**EXERCISE BRIEF**.
Every entry below should be restated word for word, except for its images.

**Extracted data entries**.
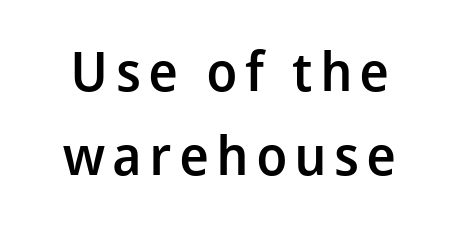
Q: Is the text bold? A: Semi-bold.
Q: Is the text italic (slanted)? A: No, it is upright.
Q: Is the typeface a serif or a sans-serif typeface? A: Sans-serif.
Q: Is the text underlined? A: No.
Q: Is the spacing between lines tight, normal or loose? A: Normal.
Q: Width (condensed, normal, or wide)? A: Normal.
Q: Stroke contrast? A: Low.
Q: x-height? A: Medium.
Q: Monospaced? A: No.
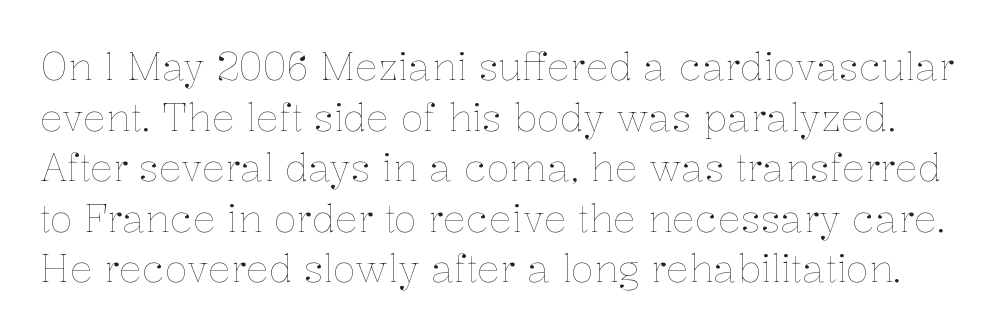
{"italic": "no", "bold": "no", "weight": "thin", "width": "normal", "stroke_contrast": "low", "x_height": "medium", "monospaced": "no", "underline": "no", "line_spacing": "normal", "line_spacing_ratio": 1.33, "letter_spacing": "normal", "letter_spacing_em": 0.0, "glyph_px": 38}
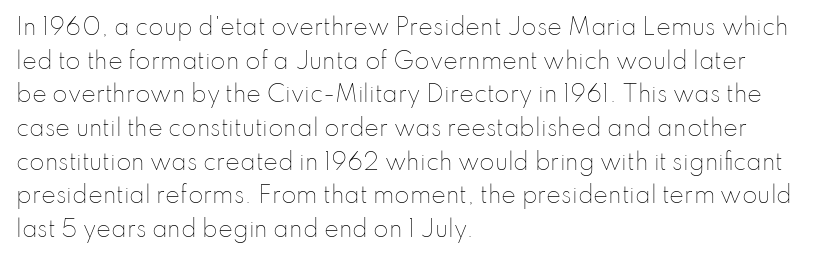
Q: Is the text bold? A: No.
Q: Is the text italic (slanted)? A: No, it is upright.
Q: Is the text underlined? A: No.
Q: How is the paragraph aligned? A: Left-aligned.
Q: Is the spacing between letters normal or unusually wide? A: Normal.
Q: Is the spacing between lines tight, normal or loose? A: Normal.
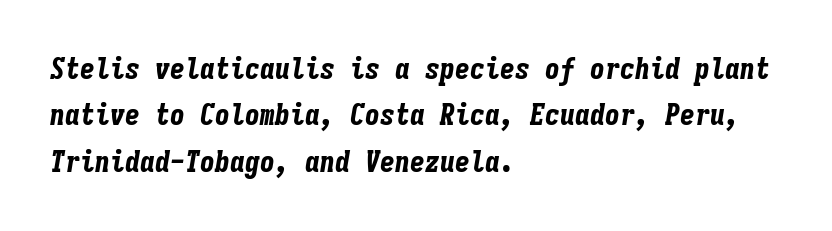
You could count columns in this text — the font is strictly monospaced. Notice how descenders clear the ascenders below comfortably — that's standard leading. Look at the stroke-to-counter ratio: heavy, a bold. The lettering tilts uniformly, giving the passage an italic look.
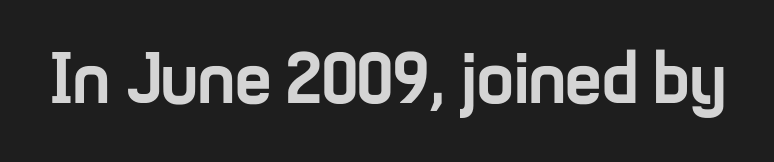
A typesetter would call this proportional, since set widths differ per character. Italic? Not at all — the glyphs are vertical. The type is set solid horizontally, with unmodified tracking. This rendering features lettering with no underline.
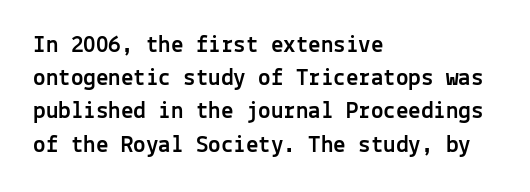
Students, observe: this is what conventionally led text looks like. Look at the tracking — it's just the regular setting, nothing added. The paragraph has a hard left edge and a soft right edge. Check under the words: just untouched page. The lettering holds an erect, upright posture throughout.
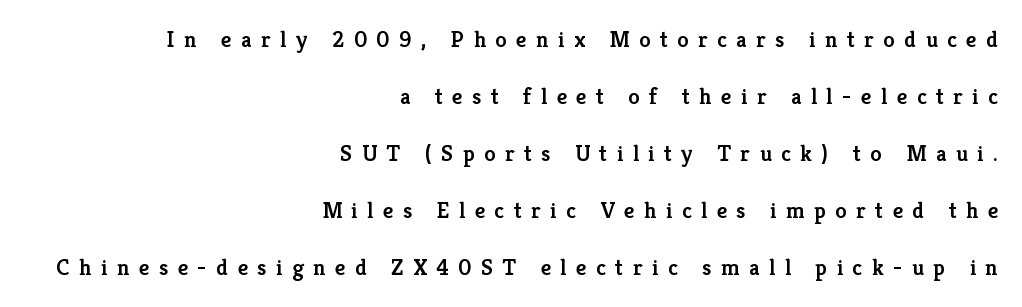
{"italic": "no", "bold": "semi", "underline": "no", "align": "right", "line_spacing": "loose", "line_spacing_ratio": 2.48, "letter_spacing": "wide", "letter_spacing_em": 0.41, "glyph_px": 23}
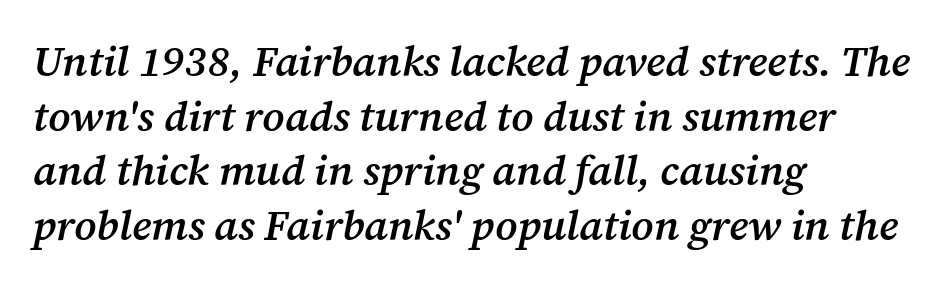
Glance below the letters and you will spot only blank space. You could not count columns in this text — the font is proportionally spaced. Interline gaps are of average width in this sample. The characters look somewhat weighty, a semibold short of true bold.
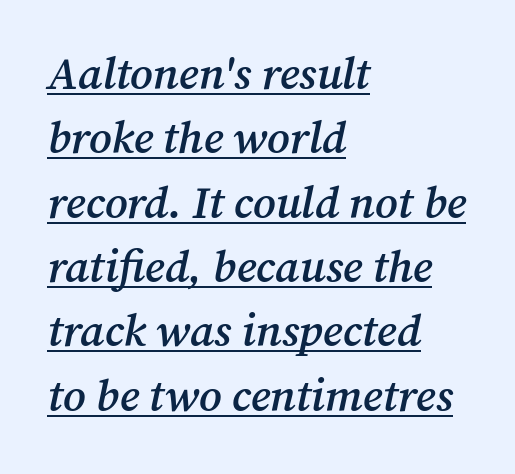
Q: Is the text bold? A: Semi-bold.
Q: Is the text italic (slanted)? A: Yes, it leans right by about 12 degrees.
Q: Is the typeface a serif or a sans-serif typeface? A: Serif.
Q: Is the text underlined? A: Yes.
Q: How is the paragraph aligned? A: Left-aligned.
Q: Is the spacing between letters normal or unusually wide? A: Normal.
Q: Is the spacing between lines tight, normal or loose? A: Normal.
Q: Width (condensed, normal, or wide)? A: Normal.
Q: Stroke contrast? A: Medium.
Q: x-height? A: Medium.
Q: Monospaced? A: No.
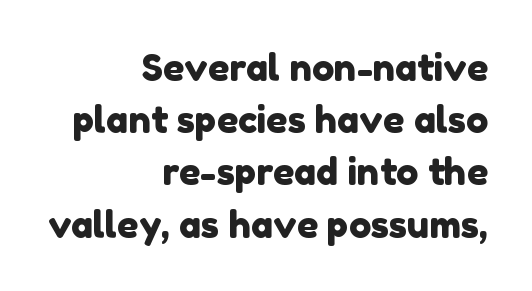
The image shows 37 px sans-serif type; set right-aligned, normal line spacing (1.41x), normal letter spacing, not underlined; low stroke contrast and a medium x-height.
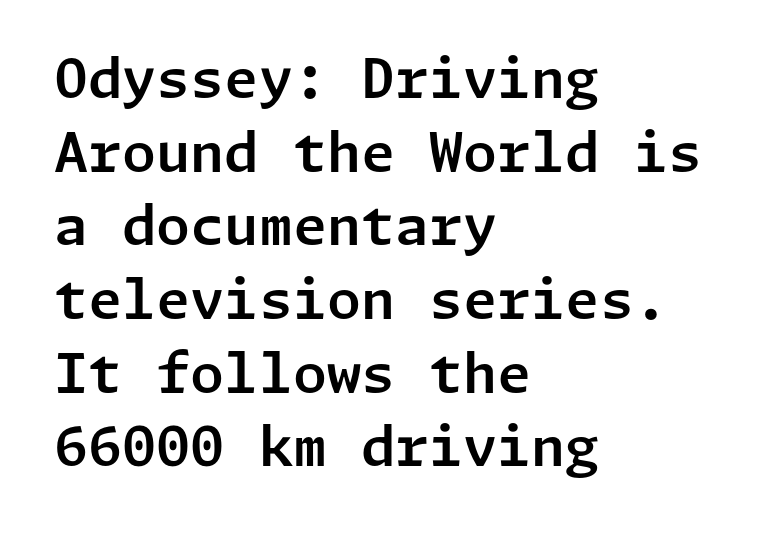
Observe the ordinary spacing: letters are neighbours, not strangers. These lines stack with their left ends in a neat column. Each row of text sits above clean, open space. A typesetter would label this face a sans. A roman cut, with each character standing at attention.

**EXERCISE RESULT**.
Q: Is the text bold? A: Semi-bold.
Q: Is the text italic (slanted)? A: No, it is upright.
Q: Is the typeface a serif or a sans-serif typeface? A: Sans-serif.
Q: Is the text underlined? A: No.
Q: Is the spacing between lines tight, normal or loose? A: Normal.
Q: Width (condensed, normal, or wide)? A: Normal.
Q: Stroke contrast? A: Low.
Q: x-height? A: Medium.
Q: Monospaced? A: No.
{"italic": "no", "bold": "no", "weight": "thin", "width": "normal", "stroke_contrast": "low", "x_height": "medium", "monospaced": "no", "underline": "no", "line_spacing": "normal", "line_spacing_ratio": 1.33, "letter_spacing": "normal", "letter_spacing_em": 0.0, "glyph_px": 38}
Q: Is the text bold? A: No.
Q: Is the text italic (slanted)? A: No, it is upright.
Q: Is the text underlined? A: No.
Q: How is the paragraph aligned? A: Left-aligned.
Q: Is the spacing between letters normal or unusually wide? A: Normal.
Q: Is the spacing between lines tight, normal or loose? A: Normal.
You could count columns in this text — the font is strictly monospaced. Notice how descenders clear the ascenders below comfortably — that's standard leading. Look at the stroke-to-counter ratio: heavy, a bold. The lettering tilts uniformly, giving the passage an italic look.
A typesetter would call this proportional, since set widths differ per character. Italic? Not at all — the glyphs are vertical. The type is set solid horizontally, with unmodified tracking. This rendering features lettering with no underline.
Students, observe: this is what conventionally led text looks like. Look at the tracking — it's just the regular setting, nothing added. The paragraph has a hard left edge and a soft right edge. Check under the words: just untouched page. The lettering holds an erect, upright posture throughout.
{"italic": "no", "bold": "semi", "underline": "no", "align": "right", "line_spacing": "loose", "line_spacing_ratio": 2.48, "letter_spacing": "wide", "letter_spacing_em": 0.41, "glyph_px": 23}
Glance below the letters and you will spot only blank space. You could not count columns in this text — the font is proportionally spaced. Interline gaps are of average width in this sample. The characters look somewhat weighty, a semibold short of true bold.
Q: Is the text bold? A: Semi-bold.
Q: Is the text italic (slanted)? A: Yes, it leans right by about 12 degrees.
Q: Is the typeface a serif or a sans-serif typeface? A: Serif.
Q: Is the text underlined? A: Yes.
Q: How is the paragraph aligned? A: Left-aligned.
Q: Is the spacing between letters normal or unusually wide? A: Normal.
Q: Is the spacing between lines tight, normal or loose? A: Normal.
Q: Width (condensed, normal, or wide)? A: Normal.
Q: Stroke contrast? A: Medium.
Q: x-height? A: Medium.
Q: Monospaced? A: No.
The image shows 37 px sans-serif type; set right-aligned, normal line spacing (1.41x), normal letter spacing, not underlined; low stroke contrast and a medium x-height.
Observe the ordinary spacing: letters are neighbours, not strangers. These lines stack with their left ends in a neat column. Each row of text sits above clean, open space. A typesetter would label this face a sans. A roman cut, with each character standing at attention.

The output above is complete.